WHAT YOU SHOULD DO: Each line below needs to be repeated precisely as it is.

EXERCISE INPUTS:
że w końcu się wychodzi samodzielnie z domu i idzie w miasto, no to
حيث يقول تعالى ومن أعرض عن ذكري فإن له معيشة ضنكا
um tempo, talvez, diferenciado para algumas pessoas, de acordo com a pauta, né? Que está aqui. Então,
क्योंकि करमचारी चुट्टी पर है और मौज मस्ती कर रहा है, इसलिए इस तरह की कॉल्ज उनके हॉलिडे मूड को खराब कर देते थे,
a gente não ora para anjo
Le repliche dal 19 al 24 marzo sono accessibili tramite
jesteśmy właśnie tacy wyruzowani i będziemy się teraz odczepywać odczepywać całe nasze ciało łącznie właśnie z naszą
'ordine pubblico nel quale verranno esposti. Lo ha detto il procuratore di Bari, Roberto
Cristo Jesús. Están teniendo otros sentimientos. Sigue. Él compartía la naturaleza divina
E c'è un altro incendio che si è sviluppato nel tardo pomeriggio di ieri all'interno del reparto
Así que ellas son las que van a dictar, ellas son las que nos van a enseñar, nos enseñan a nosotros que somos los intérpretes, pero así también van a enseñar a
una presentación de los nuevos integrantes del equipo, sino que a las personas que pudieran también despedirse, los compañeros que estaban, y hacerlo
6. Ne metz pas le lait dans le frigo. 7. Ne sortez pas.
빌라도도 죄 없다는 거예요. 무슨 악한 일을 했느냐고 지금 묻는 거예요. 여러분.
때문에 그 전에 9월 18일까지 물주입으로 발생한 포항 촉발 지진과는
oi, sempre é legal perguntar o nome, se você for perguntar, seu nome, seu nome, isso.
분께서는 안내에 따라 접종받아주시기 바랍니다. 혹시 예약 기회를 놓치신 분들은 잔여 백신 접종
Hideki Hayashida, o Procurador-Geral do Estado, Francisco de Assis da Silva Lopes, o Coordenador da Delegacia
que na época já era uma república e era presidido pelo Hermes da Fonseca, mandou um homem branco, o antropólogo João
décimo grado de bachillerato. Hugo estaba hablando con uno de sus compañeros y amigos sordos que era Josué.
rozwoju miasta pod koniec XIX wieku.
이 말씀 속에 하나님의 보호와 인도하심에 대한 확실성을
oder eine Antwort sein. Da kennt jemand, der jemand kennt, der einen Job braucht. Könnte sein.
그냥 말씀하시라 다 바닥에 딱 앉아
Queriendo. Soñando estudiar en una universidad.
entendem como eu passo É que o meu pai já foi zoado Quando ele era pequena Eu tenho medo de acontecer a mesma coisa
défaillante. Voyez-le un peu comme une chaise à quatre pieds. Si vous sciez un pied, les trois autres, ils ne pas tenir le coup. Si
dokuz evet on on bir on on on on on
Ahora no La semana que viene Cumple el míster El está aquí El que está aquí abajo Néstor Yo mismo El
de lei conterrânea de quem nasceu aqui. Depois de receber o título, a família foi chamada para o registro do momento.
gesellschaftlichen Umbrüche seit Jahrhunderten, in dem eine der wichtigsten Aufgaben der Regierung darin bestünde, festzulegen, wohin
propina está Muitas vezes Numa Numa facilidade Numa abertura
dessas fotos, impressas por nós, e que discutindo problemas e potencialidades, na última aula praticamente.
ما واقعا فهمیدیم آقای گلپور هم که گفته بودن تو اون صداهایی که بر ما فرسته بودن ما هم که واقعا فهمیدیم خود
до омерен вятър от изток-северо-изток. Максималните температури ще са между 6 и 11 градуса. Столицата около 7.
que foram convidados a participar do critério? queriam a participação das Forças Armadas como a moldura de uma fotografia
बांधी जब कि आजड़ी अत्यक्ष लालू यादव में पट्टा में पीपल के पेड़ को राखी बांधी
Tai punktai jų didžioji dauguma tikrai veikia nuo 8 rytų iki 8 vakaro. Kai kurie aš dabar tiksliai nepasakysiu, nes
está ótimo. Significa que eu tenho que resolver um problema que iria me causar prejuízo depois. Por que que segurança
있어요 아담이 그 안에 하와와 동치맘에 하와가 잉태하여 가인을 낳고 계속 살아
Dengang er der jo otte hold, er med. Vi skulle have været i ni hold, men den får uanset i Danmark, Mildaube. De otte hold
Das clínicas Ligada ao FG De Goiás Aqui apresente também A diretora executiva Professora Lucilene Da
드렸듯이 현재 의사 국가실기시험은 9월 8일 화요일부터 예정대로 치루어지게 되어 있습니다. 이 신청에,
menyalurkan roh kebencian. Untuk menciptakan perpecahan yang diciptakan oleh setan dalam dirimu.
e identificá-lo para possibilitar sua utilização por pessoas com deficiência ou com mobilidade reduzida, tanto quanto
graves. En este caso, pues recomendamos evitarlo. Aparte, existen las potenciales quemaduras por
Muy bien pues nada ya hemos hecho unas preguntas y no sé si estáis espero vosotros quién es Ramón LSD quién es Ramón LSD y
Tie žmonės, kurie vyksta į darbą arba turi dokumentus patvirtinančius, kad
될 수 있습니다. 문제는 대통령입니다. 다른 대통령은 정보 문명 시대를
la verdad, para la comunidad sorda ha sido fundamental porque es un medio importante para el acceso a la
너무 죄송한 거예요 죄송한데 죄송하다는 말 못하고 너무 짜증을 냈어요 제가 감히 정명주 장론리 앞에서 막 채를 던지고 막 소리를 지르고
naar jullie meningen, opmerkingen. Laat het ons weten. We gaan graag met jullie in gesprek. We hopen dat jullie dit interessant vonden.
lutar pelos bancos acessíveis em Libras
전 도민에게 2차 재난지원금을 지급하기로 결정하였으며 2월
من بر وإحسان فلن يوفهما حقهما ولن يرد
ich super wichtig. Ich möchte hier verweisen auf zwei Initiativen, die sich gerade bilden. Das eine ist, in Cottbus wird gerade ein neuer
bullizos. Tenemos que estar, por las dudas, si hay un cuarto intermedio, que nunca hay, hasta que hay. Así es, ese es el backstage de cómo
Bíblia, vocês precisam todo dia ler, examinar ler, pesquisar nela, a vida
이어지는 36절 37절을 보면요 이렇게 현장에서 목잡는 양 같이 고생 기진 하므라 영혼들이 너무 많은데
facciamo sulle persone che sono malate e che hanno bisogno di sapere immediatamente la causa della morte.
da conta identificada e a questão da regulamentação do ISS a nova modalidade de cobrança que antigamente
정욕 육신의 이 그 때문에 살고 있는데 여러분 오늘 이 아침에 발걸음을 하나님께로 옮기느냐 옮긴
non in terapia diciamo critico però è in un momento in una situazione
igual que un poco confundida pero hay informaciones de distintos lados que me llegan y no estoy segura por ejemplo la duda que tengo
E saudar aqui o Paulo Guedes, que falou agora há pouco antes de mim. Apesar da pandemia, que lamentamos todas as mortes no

ANSWER SECTION:
że w końcu się wychodzi samodzielnie z domu i idzie w miasto, no to
حيث يقول تعالى ومن أعرض عن ذكري فإن له معيشة ضنكا
um tempo, talvez, diferenciado para algumas pessoas, de acordo com a pauta, né? Que está aqui. Então,
क्योंकि करमचारी चुट्टी पर है और मौज मस्ती कर रहा है, इसलिए इस तरह की कॉल्ज उनके हॉलिडे मूड को खराब कर देते थे,
a gente não ora para anjo
Le repliche dal 19 al 24 marzo sono accessibili tramite
jesteśmy właśnie tacy wyruzowani i będziemy się teraz odczepywać odczepywać całe nasze ciało łącznie właśnie z naszą
'ordine pubblico nel quale verranno esposti. Lo ha detto il procuratore di Bari, Roberto
Cristo Jesús. Están teniendo otros sentimientos. Sigue. Él compartía la naturaleza divina
E c'è un altro incendio che si è sviluppato nel tardo pomeriggio di ieri all'interno del reparto
Así que ellas son las que van a dictar, ellas son las que nos van a enseñar, nos enseñan a nosotros que somos los intérpretes, pero así también van a enseñar a
una presentación de los nuevos integrantes del equipo, sino que a las personas que pudieran también despedirse, los compañeros que estaban, y hacerlo
6. Ne metz pas le lait dans le frigo. 7. Ne sortez pas.
빌라도도 죄 없다는 거예요. 무슨 악한 일을 했느냐고 지금 묻는 거예요. 여러분.
때문에 그 전에 9월 18일까지 물주입으로 발생한 포항 촉발 지진과는
oi, sempre é legal perguntar o nome, se você for perguntar, seu nome, seu nome, isso.
분께서는 안내에 따라 접종받아주시기 바랍니다. 혹시 예약 기회를 놓치신 분들은 잔여 백신 접종
Hideki Hayashida, o Procurador-Geral do Estado, Francisco de Assis da Silva Lopes, o Coordenador da Delegacia
que na época já era uma república e era presidido pelo Hermes da Fonseca, mandou um homem branco, o antropólogo João
décimo grado de bachillerato. Hugo estaba hablando con uno de sus compañeros y amigos sordos que era Josué.
rozwoju miasta pod koniec XIX wieku.
이 말씀 속에 하나님의 보호와 인도하심에 대한 확실성을
oder eine Antwort sein. Da kennt jemand, der jemand kennt, der einen Job braucht. Könnte sein.
그냥 말씀하시라 다 바닥에 딱 앉아
Queriendo. Soñando estudiar en una universidad.
entendem como eu passo É que o meu pai já foi zoado Quando ele era pequena Eu tenho medo de acontecer a mesma coisa
défaillante. Voyez-le un peu comme une chaise à quatre pieds. Si vous sciez un pied, les trois autres, ils ne pas tenir le coup. Si
dokuz evet on on bir on on on on on
Ahora no La semana que viene Cumple el míster El está aquí El que está aquí abajo Néstor Yo mismo El
de lei conterrânea de quem nasceu aqui. Depois de receber o título, a família foi chamada para o registro do momento.
gesellschaftlichen Umbrüche seit Jahrhunderten, in dem eine der wichtigsten Aufgaben der Regierung darin bestünde, festzulegen, wohin
propina está Muitas vezes Numa Numa facilidade Numa abertura
dessas fotos, impressas por nós, e que discutindo problemas e potencialidades, na última aula praticamente.
ما واقعا فهمیدیم آقای گلپور هم که گفته بودن تو اون صداهایی که بر ما فرسته بودن ما هم که واقعا فهمیدیم خود
до омерен вятър от изток-северо-изток. Максималните температури ще са между 6 и 11 градуса. Столицата около 7.
que foram convidados a participar do critério? queriam a participação das Forças Armadas como a moldura de uma fotografia
बांधी जब कि आजड़ी अत्यक्ष लालू यादव में पट्टा में पीपल के पेड़ को राखी बांधी
Tai punktai jų didžioji dauguma tikrai veikia nuo 8 rytų iki 8 vakaro. Kai kurie aš dabar tiksliai nepasakysiu, nes
está ótimo. Significa que eu tenho que resolver um problema que iria me causar prejuízo depois. Por que que segurança
있어요 아담이 그 안에 하와와 동치맘에 하와가 잉태하여 가인을 낳고 계속 살아
Dengang er der jo otte hold, er med. Vi skulle have været i ni hold, men den får uanset i Danmark, Mildaube. De otte hold
Das clínicas Ligada ao FG De Goiás Aqui apresente também A diretora executiva Professora Lucilene Da
드렸듯이 현재 의사 국가실기시험은 9월 8일 화요일부터 예정대로 치루어지게 되어 있습니다. 이 신청에,
menyalurkan roh kebencian. Untuk menciptakan perpecahan yang diciptakan oleh setan dalam dirimu.
e identificá-lo para possibilitar sua utilização por pessoas com deficiência ou com mobilidade reduzida, tanto quanto
graves. En este caso, pues recomendamos evitarlo. Aparte, existen las potenciales quemaduras por
Muy bien pues nada ya hemos hecho unas preguntas y no sé si estáis espero vosotros quién es Ramón LSD quién es Ramón LSD y
Tie žmonės, kurie vyksta į darbą arba turi dokumentus patvirtinančius, kad
될 수 있습니다. 문제는 대통령입니다. 다른 대통령은 정보 문명 시대를
la verdad, para la comunidad sorda ha sido fundamental porque es un medio importante para el acceso a la
너무 죄송한 거예요 죄송한데 죄송하다는 말 못하고 너무 짜증을 냈어요 제가 감히 정명주 장론리 앞에서 막 채를 던지고 막 소리를 지르고
naar jullie meningen, opmerkingen. Laat het ons weten. We gaan graag met jullie in gesprek. We hopen dat jullie dit interessant vonden.
lutar pelos bancos acessíveis em Libras
전 도민에게 2차 재난지원금을 지급하기로 결정하였으며 2월
من بر وإحسان فلن يوفهما حقهما ولن يرد
ich super wichtig. Ich möchte hier verweisen auf zwei Initiativen, die sich gerade bilden. Das eine ist, in Cottbus wird gerade ein neuer
bullizos. Tenemos que estar, por las dudas, si hay un cuarto intermedio, que nunca hay, hasta que hay. Así es, ese es el backstage de cómo
Bíblia, vocês precisam todo dia ler, examinar ler, pesquisar nela, a vida
이어지는 36절 37절을 보면요 이렇게 현장에서 목잡는 양 같이 고생 기진 하므라 영혼들이 너무 많은데
facciamo sulle persone che sono malate e che hanno bisogno di sapere immediatamente la causa della morte.
da conta identificada e a questão da regulamentação do ISS a nova modalidade de cobrança que antigamente
정욕 육신의 이 그 때문에 살고 있는데 여러분 오늘 이 아침에 발걸음을 하나님께로 옮기느냐 옮긴
non in terapia diciamo critico però è in un momento in una situazione
igual que un poco confundida pero hay informaciones de distintos lados que me llegan y no estoy segura por ejemplo la duda que tengo
E saudar aqui o Paulo Guedes, que falou agora há pouco antes de mim. Apesar da pandemia, que lamentamos todas as mortes no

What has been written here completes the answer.